**About this exercise:** Look through the records below for the line with "#5912 = VERTEX_POINT( '', #7448 );" and the line with "#6360 = VERTEX_POINT( '', #8123 );", then return those lines and all lines between, exactly.

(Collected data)
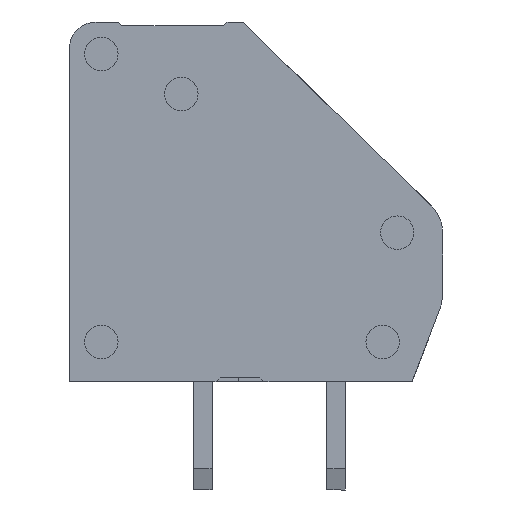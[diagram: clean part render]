
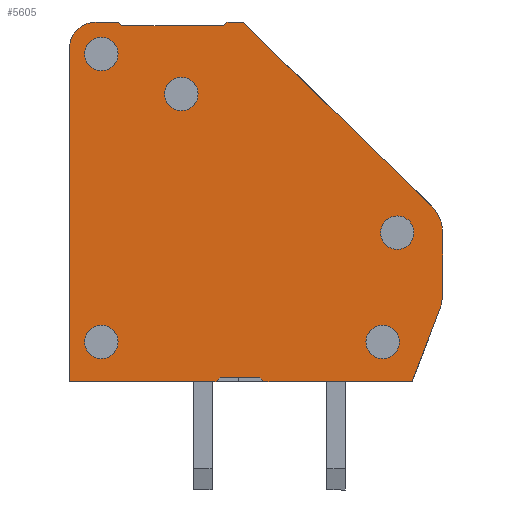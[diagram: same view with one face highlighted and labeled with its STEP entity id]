
A CAD part, front view. The second image highlights one B-rep face of the part: STEP entity #5605.
In plain terms, the highlighted planar face has unit normal (0, -1, 0).
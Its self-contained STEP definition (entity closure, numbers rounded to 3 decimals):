
#246=CIRCLE('',#6087,1.915);
#247=CIRCLE('',#6088,1.397);
#248=CIRCLE('',#6089,1.);
#249=CIRCLE('',#6090,0.625);
#250=CIRCLE('',#6091,0.625);
#251=CIRCLE('',#6092,0.625);
#252=CIRCLE('',#6093,0.625);
#253=CIRCLE('',#6094,0.625);
#1604=ORIENTED_EDGE('',*,*,#2517,.T.);
#1605=ORIENTED_EDGE('',*,*,#2518,.T.);
#1606=ORIENTED_EDGE('',*,*,#2519,.T.);
#1607=ORIENTED_EDGE('',*,*,#2520,.T.);
#1608=ORIENTED_EDGE('',*,*,#2470,.T.);
#1609=ORIENTED_EDGE('',*,*,#2521,.T.);
#1610=ORIENTED_EDGE('',*,*,#2522,.T.);
#1611=ORIENTED_EDGE('',*,*,#2523,.T.);
#1612=ORIENTED_EDGE('',*,*,#2524,.T.);
#1613=ORIENTED_EDGE('',*,*,#2525,.T.);
#1614=ORIENTED_EDGE('',*,*,#2526,.T.);
#1615=ORIENTED_EDGE('',*,*,#2527,.T.);
#1616=ORIENTED_EDGE('',*,*,#2528,.F.);
#1617=ORIENTED_EDGE('',*,*,#2529,.T.);
#1618=ORIENTED_EDGE('',*,*,#2466,.T.);
#1619=ORIENTED_EDGE('',*,*,#2530,.T.);
#1620=ORIENTED_EDGE('',*,*,#2531,.T.);
#1621=ORIENTED_EDGE('',*,*,#2532,.F.);
#1622=ORIENTED_EDGE('',*,*,#2533,.F.);
#1623=ORIENTED_EDGE('',*,*,#2534,.F.);
#1624=ORIENTED_EDGE('',*,*,#2535,.F.);
#1625=ORIENTED_EDGE('',*,*,#2536,.F.);
#2466=EDGE_CURVE('',#3031,#3032,#3656,.T.);
#2470=EDGE_CURVE('',#3035,#3036,#3660,.T.);
#2517=EDGE_CURVE('',#3080,#3081,#3697,.T.);
#2518=EDGE_CURVE('',#3081,#3082,#3698,.T.);
#2519=EDGE_CURVE('',#3082,#3083,#3699,.T.);
#2520=EDGE_CURVE('',#3083,#3035,#3700,.T.);
#2521=EDGE_CURVE('',#3036,#3084,#3701,.T.);
#2522=EDGE_CURVE('',#3084,#3085,#246,.T.);
#2523=EDGE_CURVE('',#3085,#3086,#3702,.T.);
#2524=EDGE_CURVE('',#3086,#3087,#247,.T.);
#2525=EDGE_CURVE('',#3087,#3088,#3703,.T.);
#2526=EDGE_CURVE('',#3088,#3089,#3704,.T.);
#2527=EDGE_CURVE('',#3089,#3090,#3705,.F.);
#2528=EDGE_CURVE('',#3091,#3090,#3706,.T.);
#2529=EDGE_CURVE('',#3091,#3031,#3707,.F.);
#2530=EDGE_CURVE('',#3032,#3092,#248,.T.);
#2531=EDGE_CURVE('',#3092,#3080,#3708,.T.);
#2532=EDGE_CURVE('',#3093,#3093,#249,.T.);
#2533=EDGE_CURVE('',#3094,#3094,#250,.T.);
#2534=EDGE_CURVE('',#3095,#3095,#251,.T.);
#2535=EDGE_CURVE('',#3096,#3096,#252,.T.);
#2536=EDGE_CURVE('',#3097,#3097,#253,.T.);
#3031=VERTEX_POINT('',#9027);
#3032=VERTEX_POINT('',#9028);
#3035=VERTEX_POINT('',#9036);
#3036=VERTEX_POINT('',#9037);
#3080=VERTEX_POINT('',#9130);
#3081=VERTEX_POINT('',#9131);
#3082=VERTEX_POINT('',#9133);
#3083=VERTEX_POINT('',#9135);
#3084=VERTEX_POINT('',#9138);
#3085=VERTEX_POINT('',#9140);
#3086=VERTEX_POINT('',#9142);
#3087=VERTEX_POINT('',#9144);
#3088=VERTEX_POINT('',#9146);
#3089=VERTEX_POINT('',#9148);
#3090=VERTEX_POINT('',#9150);
#3091=VERTEX_POINT('',#9152);
#3092=VERTEX_POINT('',#9155);
#3093=VERTEX_POINT('',#9158);
#3094=VERTEX_POINT('',#9160);
#3095=VERTEX_POINT('',#9162);
#3096=VERTEX_POINT('',#9164);
#3097=VERTEX_POINT('',#9166);
#3656=LINE('',#9026,#4296);
#3660=LINE('',#9035,#4300);
#3697=LINE('',#9129,#4337);
#3698=LINE('',#9132,#4338);
#3699=LINE('',#9134,#4339);
#3700=LINE('',#9136,#4340);
#3701=LINE('',#9137,#4341);
#3702=LINE('',#9141,#4342);
#3703=LINE('',#9145,#4343);
#3704=LINE('',#9147,#4344);
#3705=LINE('',#9149,#4345);
#3706=LINE('',#9151,#4346);
#3707=LINE('',#9153,#4347);
#3708=LINE('',#9156,#4348);
#4296=VECTOR('',#7418,1000.);
#4300=VECTOR('',#7424,1000.);
#4337=VECTOR('',#7485,1000.);
#4338=VECTOR('',#7486,1000.);
#4339=VECTOR('',#7487,1000.);
#4340=VECTOR('',#7488,1000.);
#4341=VECTOR('',#7489,1000.);
#4342=VECTOR('',#7492,1000.);
#4343=VECTOR('',#7495,1000.);
#4344=VECTOR('',#7496,1000.);
#4345=VECTOR('',#7497,1000.);
#4346=VECTOR('',#7498,1000.);
#4347=VECTOR('',#7499,1000.);
#4348=VECTOR('',#7502,1000.);
#4696=EDGE_LOOP('',(#1604,#1605,#1606,#1607,#1608,#1609,#1610,#1611,#1612,
#1613,#1614,#1615,#1616,#1617,#1618,#1619,#1620));
#4697=EDGE_LOOP('',(#1621));
#4698=EDGE_LOOP('',(#1622));
#4699=EDGE_LOOP('',(#1623));
#4700=EDGE_LOOP('',(#1624));
#4701=EDGE_LOOP('',(#1625));
#5053=FACE_BOUND('',#4696,.T.);
#5054=FACE_BOUND('',#4697,.T.);
#5055=FACE_BOUND('',#4698,.T.);
#5056=FACE_BOUND('',#4699,.T.);
#5057=FACE_BOUND('',#4700,.T.);
#5058=FACE_BOUND('',#4701,.T.);
#5318=PLANE('',#6086);
#5605=ADVANCED_FACE('',(#5053,#5054,#5055,#5056,#5057,#5058),#5318,.T.);
#6086=AXIS2_PLACEMENT_3D('',#9128,#7483,#7484);
#6087=AXIS2_PLACEMENT_3D('',#9139,#7490,#7491);
#6088=AXIS2_PLACEMENT_3D('',#9143,#7493,#7494);
#6089=AXIS2_PLACEMENT_3D('',#9154,#7500,#7501);
#6090=AXIS2_PLACEMENT_3D('',#9157,#7503,#7504);
#6091=AXIS2_PLACEMENT_3D('',#9159,#7505,#7506);
#6092=AXIS2_PLACEMENT_3D('',#9161,#7507,#7508);
#6093=AXIS2_PLACEMENT_3D('',#9163,#7509,#7510);
#6094=AXIS2_PLACEMENT_3D('',#9165,#7511,#7512);
#7418=DIRECTION('',(-1.,0.,0.));
#7424=DIRECTION('',(1.,0.,0.));
#7483=DIRECTION('',(0.,-1.,0.));
#7484=DIRECTION('',(0.,0.,-1.));
#7485=DIRECTION('',(1.,0.,0.));
#7486=DIRECTION('',(0.707,0.,0.707));
#7487=DIRECTION('',(1.,0.,0.));
#7488=DIRECTION('',(0.707,0.,-0.707));
#7489=DIRECTION('',(0.358,0.,0.934));
#7490=DIRECTION('',(0.,-1.,0.));
#7491=DIRECTION('',(-1.,0.,0.));
#7492=DIRECTION('',(0.,0.,1.));
#7493=DIRECTION('',(0.,-1.,0.));
#7494=DIRECTION('',(-1.,0.,0.));
#7495=DIRECTION('',(-0.716,0.,0.698));
#7496=DIRECTION('',(-1.,0.,0.));
#7497=DIRECTION('',(0.8,0.,0.6));
#7498=DIRECTION('',(1.,0.,0.));
#7499=DIRECTION('',(0.8,0.,-0.6));
#7500=DIRECTION('',(0.,-1.,0.));
#7501=DIRECTION('',(1.,0.,0.));
#7502=DIRECTION('',(0.,0.,-1.));
#7503=DIRECTION('',(0.,-1.,0.));
#7504=DIRECTION('',(0.,0.,-1.));
#7505=DIRECTION('',(0.,-1.,0.));
#7506=DIRECTION('',(0.,0.,-1.));
#7507=DIRECTION('',(0.,-1.,0.));
#7508=DIRECTION('',(0.,0.,-1.));
#7509=DIRECTION('',(0.,-1.,0.));
#7510=DIRECTION('',(0.,0.,-1.));
#7511=DIRECTION('',(0.,-1.,0.));
#7512=DIRECTION('',(0.,0.,-1.));
#9026=CARTESIAN_POINT('',(1.,0.,13.5));
#9027=CARTESIAN_POINT('',(1.8,0.,13.5));
#9028=CARTESIAN_POINT('',(1.,0.,13.5));
#9035=CARTESIAN_POINT('',(0.,0.,0.));
#9036=CARTESIAN_POINT('',(7.3,0.,0.));
#9037=CARTESIAN_POINT('',(12.852,0.,0.));
#9128=CARTESIAN_POINT('',(12.085,0.,3.35));
#9129=CARTESIAN_POINT('',(0.,0.,0.));
#9130=CARTESIAN_POINT('',(0.,0.,0.));
#9131=CARTESIAN_POINT('',(5.5,0.,0.));
#9132=CARTESIAN_POINT('',(10.468,0.,4.968));
#9133=CARTESIAN_POINT('',(5.65,0.,0.15));
#9134=CARTESIAN_POINT('',(5.65,0.,0.15));
#9135=CARTESIAN_POINT('',(7.15,0.,0.15));
#9136=CARTESIAN_POINT('',(8.018,0.,-0.718));
#9137=CARTESIAN_POINT('',(13.873,0.,2.665));
#9138=CARTESIAN_POINT('',(13.873,0.,2.665));
#9139=CARTESIAN_POINT('',(12.085,0.,3.35));
#9140=CARTESIAN_POINT('',(14.,0.,3.35));
#9141=CARTESIAN_POINT('',(14.,0.,3.35));
#9142=CARTESIAN_POINT('',(14.,0.,5.6));
#9143=CARTESIAN_POINT('',(12.603,0.,5.6));
#9144=CARTESIAN_POINT('',(13.578,0.,6.6));
#9145=CARTESIAN_POINT('',(6.5,0.,13.5));
#9146=CARTESIAN_POINT('',(6.5,0.,13.5));
#9147=CARTESIAN_POINT('',(1.,0.,13.5));
#9148=CARTESIAN_POINT('',(5.95,0.,13.5));
#9149=CARTESIAN_POINT('',(5.004,0.,12.791));
#9150=CARTESIAN_POINT('',(5.75,0.,13.35));
#9151=CARTESIAN_POINT('',(5.75,0.,13.35));
#9152=CARTESIAN_POINT('',(2.,0.,13.35));
#9153=CARTESIAN_POINT('',(13.254,0.,4.909));
#9154=CARTESIAN_POINT('',(1.,0.,12.5));
#9155=CARTESIAN_POINT('',(0.,0.,12.5));
#9156=CARTESIAN_POINT('',(0.,0.,0.));
#9157=CARTESIAN_POINT('',(12.3,0.,5.6));
#9158=CARTESIAN_POINT('',(12.3,0.,4.975));
#9159=CARTESIAN_POINT('',(4.2,0.,10.8));
#9160=CARTESIAN_POINT('',(4.2,0.,10.175));
#9161=CARTESIAN_POINT('',(11.75,0.,1.5));
#9162=CARTESIAN_POINT('',(11.75,0.,0.875));
#9163=CARTESIAN_POINT('',(1.2,0.,1.5));
#9164=CARTESIAN_POINT('',(1.2,0.,0.875));
#9165=CARTESIAN_POINT('',(1.2,0.,12.3));
#9166=CARTESIAN_POINT('',(1.2,0.,11.675));
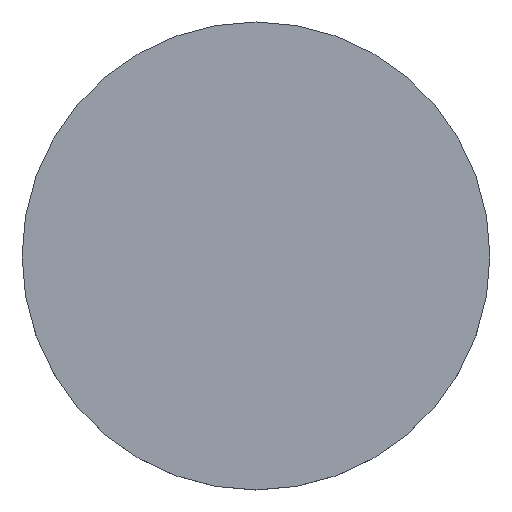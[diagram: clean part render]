
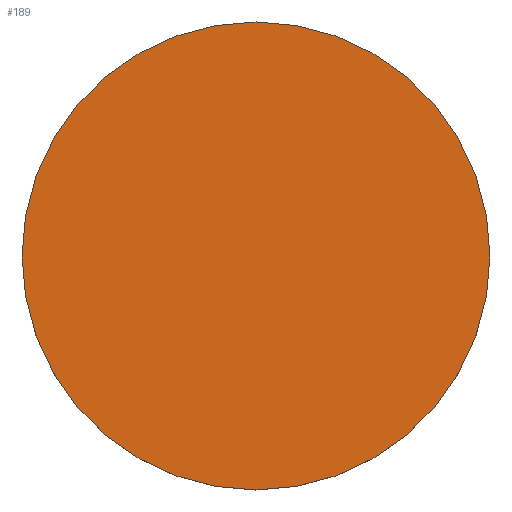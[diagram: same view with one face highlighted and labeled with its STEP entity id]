
A CAD part, top view. The second image highlights one B-rep face of the part: STEP entity #189.
In plain terms, the highlighted planar face has unit normal (0, 0, 1).
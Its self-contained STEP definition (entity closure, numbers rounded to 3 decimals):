
#104 = VERTEX_POINT('',#105);
#105 = CARTESIAN_POINT('',(140.,0.,20.));
#112 = CYLINDRICAL_SURFACE('',#113,140.);
#113 = AXIS2_PLACEMENT_3D('',#114,#115,#116);
#114 = CARTESIAN_POINT('',(0.,0.,0.));
#115 = DIRECTION('',(-0.,-0.,-1.));
#116 = DIRECTION('',(1.,0.,0.));
#131 = EDGE_CURVE('',#104,#104,#132,.T.);
#132 = SURFACE_CURVE('',#133,(#138,#145),.PCURVE_S1.);
#133 = CIRCLE('',#134,140.);
#134 = AXIS2_PLACEMENT_3D('',#135,#136,#137);
#135 = CARTESIAN_POINT('',(0.,0.,20.));
#136 = DIRECTION('',(0.,0.,1.));
#137 = DIRECTION('',(1.,0.,0.));
#138 = PCURVE('',#112,#139);
#139 = DEFINITIONAL_REPRESENTATION('',(#140),#144);
#140 = LINE('',#141,#142);
#141 = CARTESIAN_POINT('',(-0.,-20.));
#142 = VECTOR('',#143,1.);
#143 = DIRECTION('',(-1.,0.));
#144 = ( GEOMETRIC_REPRESENTATION_CONTEXT(2) 
PARAMETRIC_REPRESENTATION_CONTEXT() REPRESENTATION_CONTEXT('2D SPACE',''
  ) );
#145 = PCURVE('',#146,#151);
#146 = PLANE('',#147);
#147 = AXIS2_PLACEMENT_3D('',#148,#149,#150);
#148 = CARTESIAN_POINT('',(0.,0.,20.));
#149 = DIRECTION('',(0.,0.,1.));
#150 = DIRECTION('',(1.,0.,-0.));
#151 = DEFINITIONAL_REPRESENTATION('',(#152),#156);
#152 = CIRCLE('',#153,140.);
#153 = AXIS2_PLACEMENT_2D('',#154,#155);
#154 = CARTESIAN_POINT('',(0.,0.));
#155 = DIRECTION('',(1.,0.));
#156 = ( GEOMETRIC_REPRESENTATION_CONTEXT(2) 
PARAMETRIC_REPRESENTATION_CONTEXT() REPRESENTATION_CONTEXT('2D SPACE',''
  ) );
#189 = ADVANCED_FACE('',(#190),#146,.T.);
#190 = FACE_BOUND('',#191,.T.);
#191 = EDGE_LOOP('',(#192));
#192 = ORIENTED_EDGE('',*,*,#131,.T.);
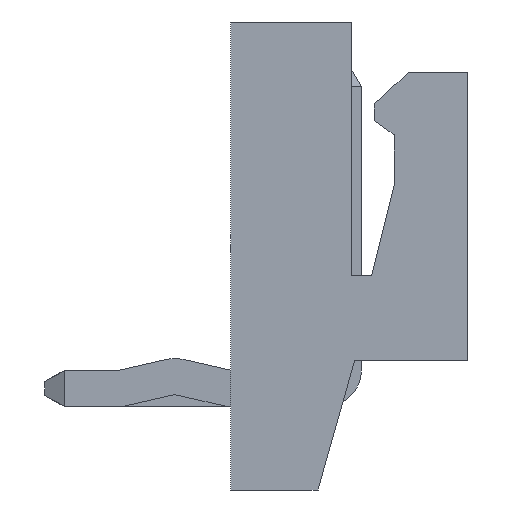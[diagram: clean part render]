
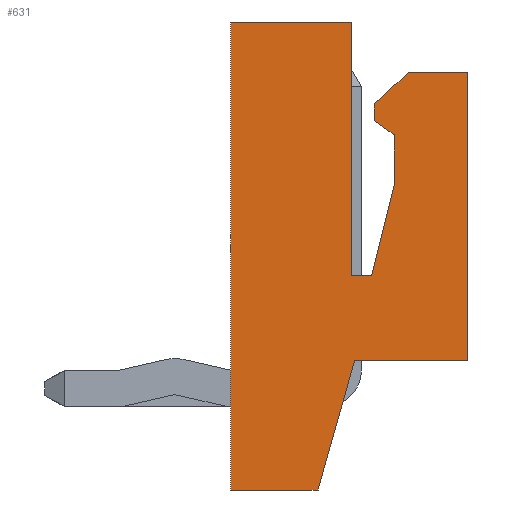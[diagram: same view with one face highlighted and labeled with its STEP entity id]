
A CAD part, left-side view. The second image highlights one B-rep face of the part: STEP entity #631.
In plain terms, the highlighted planar face has unit normal (-1, 0, 0).
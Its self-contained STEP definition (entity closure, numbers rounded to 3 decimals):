
#631 = ADVANCED_FACE( '', ( #1293 ), #1294, .T. );
#1293 = FACE_OUTER_BOUND( '', #2015, .T. );
#1294 = PLANE( '', #2016 );
#2015 = EDGE_LOOP( '', ( #3566, #3567, #3568, #3569, #3570, #3571, #3572, #3573, #3574, #3575, #3576, #3577, #3578, #3579 ) );
#2016 = AXIS2_PLACEMENT_3D( '', #3580, #3581, #3582 );
#3566 = ORIENTED_EDGE( '', *, *, #4969, .F. );
#3567 = ORIENTED_EDGE( '', *, *, #5092, .T. );
#3568 = ORIENTED_EDGE( '', *, *, #5123, .T. );
#3569 = ORIENTED_EDGE( '', *, *, #5124, .T. );
#3570 = ORIENTED_EDGE( '', *, *, #5125, .T. );
#3571 = ORIENTED_EDGE( '', *, *, #4542, .F. );
#3572 = ORIENTED_EDGE( '', *, *, #4872, .T. );
#3573 = ORIENTED_EDGE( '', *, *, #4641, .F. );
#3574 = ORIENTED_EDGE( '', *, *, #5126, .F. );
#3575 = ORIENTED_EDGE( '', *, *, #4961, .F. );
#3576 = ORIENTED_EDGE( '', *, *, #4713, .F. );
#3577 = ORIENTED_EDGE( '', *, *, #5127, .F. );
#3578 = ORIENTED_EDGE( '', *, *, #5097, .F. );
#3579 = ORIENTED_EDGE( '', *, *, #4809, .F. );
#3580 = CARTESIAN_POINT( '', ( -11.25, -1.9, -3. ) );
#3581 = DIRECTION( '', ( -1., 0., 0. ) );
#3582 = DIRECTION( '', ( 0., 0., 1. ) );
#4542 = EDGE_CURVE( '', #5448, #5450, #5451, .T. );
#4641 = EDGE_CURVE( '', #5626, #5628, #5629, .T. );
#4713 = EDGE_CURVE( '', #5744, #5746, #5747, .T. );
#4809 = EDGE_CURVE( '', #5910, #5912, #5913, .T. );
#4872 = EDGE_CURVE( '', #5448, #5628, #6015, .T. );
#4961 = EDGE_CURVE( '', #5746, #6143, #6144, .T. );
#4969 = EDGE_CURVE( '', #6153, #5910, #6155, .T. );
#5092 = EDGE_CURVE( '', #6153, #6316, #6318, .T. );
#5097 = EDGE_CURVE( '', #5912, #6324, #6325, .T. );
#5123 = EDGE_CURVE( '', #6316, #6358, #6359, .T. );
#5124 = EDGE_CURVE( '', #6358, #6360, #6361, .T. );
#5125 = EDGE_CURVE( '', #6360, #5450, #6362, .T. );
#5126 = EDGE_CURVE( '', #6143, #5626, #6363, .T. );
#5127 = EDGE_CURVE( '', #6324, #5744, #6364, .T. );
#5448 = VERTEX_POINT( '', #6761 );
#5450 = VERTEX_POINT( '', #6764 );
#5451 = LINE( '', #6765, #6766 );
#5626 = VERTEX_POINT( '', #7023 );
#5628 = VERTEX_POINT( '', #7026 );
#5629 = LINE( '', #7027, #7028 );
#5744 = VERTEX_POINT( '', #7197 );
#5746 = VERTEX_POINT( '', #7200 );
#5747 = LINE( '', #7201, #7202 );
#5910 = VERTEX_POINT( '', #7445 );
#5912 = VERTEX_POINT( '', #7448 );
#5913 = LINE( '', #7449, #7450 );
#6015 = LINE( '', #7605, #7606 );
#6143 = VERTEX_POINT( '', #7799 );
#6144 = LINE( '', #7800, #7801 );
#6153 = VERTEX_POINT( '', #7814 );
#6155 = LINE( '', #7817, #7818 );
#6316 = VERTEX_POINT( '', #8057 );
#6318 = LINE( '', #8060, #8061 );
#6324 = VERTEX_POINT( '', #8069 );
#6325 = LINE( '', #8070, #8071 );
#6358 = VERTEX_POINT( '', #8120 );
#6359 = LINE( '', #8121, #8122 );
#6360 = VERTEX_POINT( '', #8123 );
#6361 = LINE( '', #8124, #8125 );
#6362 = LINE( '', #8126, #8127 );
#6363 = LINE( '', #8128, #8129 );
#6364 = LINE( '', #8130, #8131 );
#6761 = CARTESIAN_POINT( '', ( -11.25, -1.9, -3. ) );
#6764 = CARTESIAN_POINT( '', ( -11.25, 0.1, -3. ) );
#6765 = CARTESIAN_POINT( '', ( -11.25, -1.9, -3. ) );
#6766 = VECTOR( '', #8518, 1000. );
#7023 = CARTESIAN_POINT( '', ( -11.25, -0.85, 2.1 ) );
#7026 = CARTESIAN_POINT( '', ( -11.25, -1.9, 2.1 ) );
#7027 = CARTESIAN_POINT( '', ( -11.25, -0.85, 2.1 ) );
#7028 = VECTOR( '', #8602, 1000. );
#7197 = CARTESIAN_POINT( '', ( -11.25, -0.6, 1. ) );
#7200 = CARTESIAN_POINT( '', ( -11.25, -0.25, 1.25 ) );
#7201 = CARTESIAN_POINT( '', ( -11.25, -0.25, 1.25 ) );
#7202 = VECTOR( '', #8658, 1000. );
#7445 = CARTESIAN_POINT( '', ( -11.25, 0.15, -1.5 ) );
#7448 = CARTESIAN_POINT( '', ( -11.25, -0.2, -1.5 ) );
#7449 = CARTESIAN_POINT( '', ( -11.25, 0.15, -1.5 ) );
#7450 = VECTOR( '', #8740, 1000. );
#7605 = CARTESIAN_POINT( '', ( -11.25, -1.9, -3. ) );
#7606 = VECTOR( '', #8794, 1000. );
#7799 = CARTESIAN_POINT( '', ( -11.25, -0.25, 1.55 ) );
#7800 = CARTESIAN_POINT( '', ( -11.25, -0.25, 1.55 ) );
#7801 = VECTOR( '', #8860, 1000. );
#7814 = CARTESIAN_POINT( '', ( -11.25, 0.15, 3. ) );
#7817 = CARTESIAN_POINT( '', ( -11.25, 0.15, -1.5 ) );
#7818 = VECTOR( '', #8866, 1000. );
#8057 = CARTESIAN_POINT( '', ( -11.25, 2.3, 3. ) );
#8060 = CARTESIAN_POINT( '', ( -11.25, -1.9, 3. ) );
#8061 = VECTOR( '', #8976, 1000. );
#8069 = CARTESIAN_POINT( '', ( -11.25, -0.6, 0.1 ) );
#8070 = CARTESIAN_POINT( '', ( -11.25, -0.2, -1.5 ) );
#8071 = VECTOR( '', #8979, 1000. );
#8120 = CARTESIAN_POINT( '', ( -11.25, 2.3, -5.3 ) );
#8121 = CARTESIAN_POINT( '', ( -11.25, 2.3, 3. ) );
#8122 = VECTOR( '', #9002, 1000. );
#8123 = CARTESIAN_POINT( '', ( -11.25, 0.75, -5.3 ) );
#8124 = CARTESIAN_POINT( '', ( -11.25, 2.3, -5.3 ) );
#8125 = VECTOR( '', #9003, 1000. );
#8126 = CARTESIAN_POINT( '', ( -11.25, 0.75, -5.3 ) );
#8127 = VECTOR( '', #9004, 1000. );
#8128 = CARTESIAN_POINT( '', ( -11.25, -0.25, 1.55 ) );
#8129 = VECTOR( '', #9005, 1000. );
#8130 = CARTESIAN_POINT( '', ( -11.25, -0.6, 1. ) );
#8131 = VECTOR( '', #9006, 1000. );
#8518 = DIRECTION( '', ( 0., 1., 0. ) );
#8602 = DIRECTION( '', ( 0., -1., 0. ) );
#8658 = DIRECTION( '', ( 0., 0.814, 0.581 ) );
#8740 = DIRECTION( '', ( 0., -1., 0. ) );
#8794 = DIRECTION( '', ( 0., 0., 1. ) );
#8860 = DIRECTION( '', ( 0., 0., 1. ) );
#8866 = DIRECTION( '', ( 0., 0., -1. ) );
#8976 = DIRECTION( '', ( 0., 1., 0. ) );
#8979 = DIRECTION( '', ( 0., -0.243, 0.97 ) );
#9002 = DIRECTION( '', ( 0., 0., -1. ) );
#9003 = DIRECTION( '', ( 0., -1., 0. ) );
#9004 = DIRECTION( '', ( 0., -0.272, 0.962 ) );
#9005 = DIRECTION( '', ( 0., -0.737, 0.676 ) );
#9006 = DIRECTION( '', ( 0., 0., 1. ) );

**Your solution:**
#5912 = VERTEX_POINT( '', #7448 );
#5913 = LINE( '', #7449, #7450 );
#6015 = LINE( '', #7605, #7606 );
#6143 = VERTEX_POINT( '', #7799 );
#6144 = LINE( '', #7800, #7801 );
#6153 = VERTEX_POINT( '', #7814 );
#6155 = LINE( '', #7817, #7818 );
#6316 = VERTEX_POINT( '', #8057 );
#6318 = LINE( '', #8060, #8061 );
#6324 = VERTEX_POINT( '', #8069 );
#6325 = LINE( '', #8070, #8071 );
#6358 = VERTEX_POINT( '', #8120 );
#6359 = LINE( '', #8121, #8122 );
#6360 = VERTEX_POINT( '', #8123 );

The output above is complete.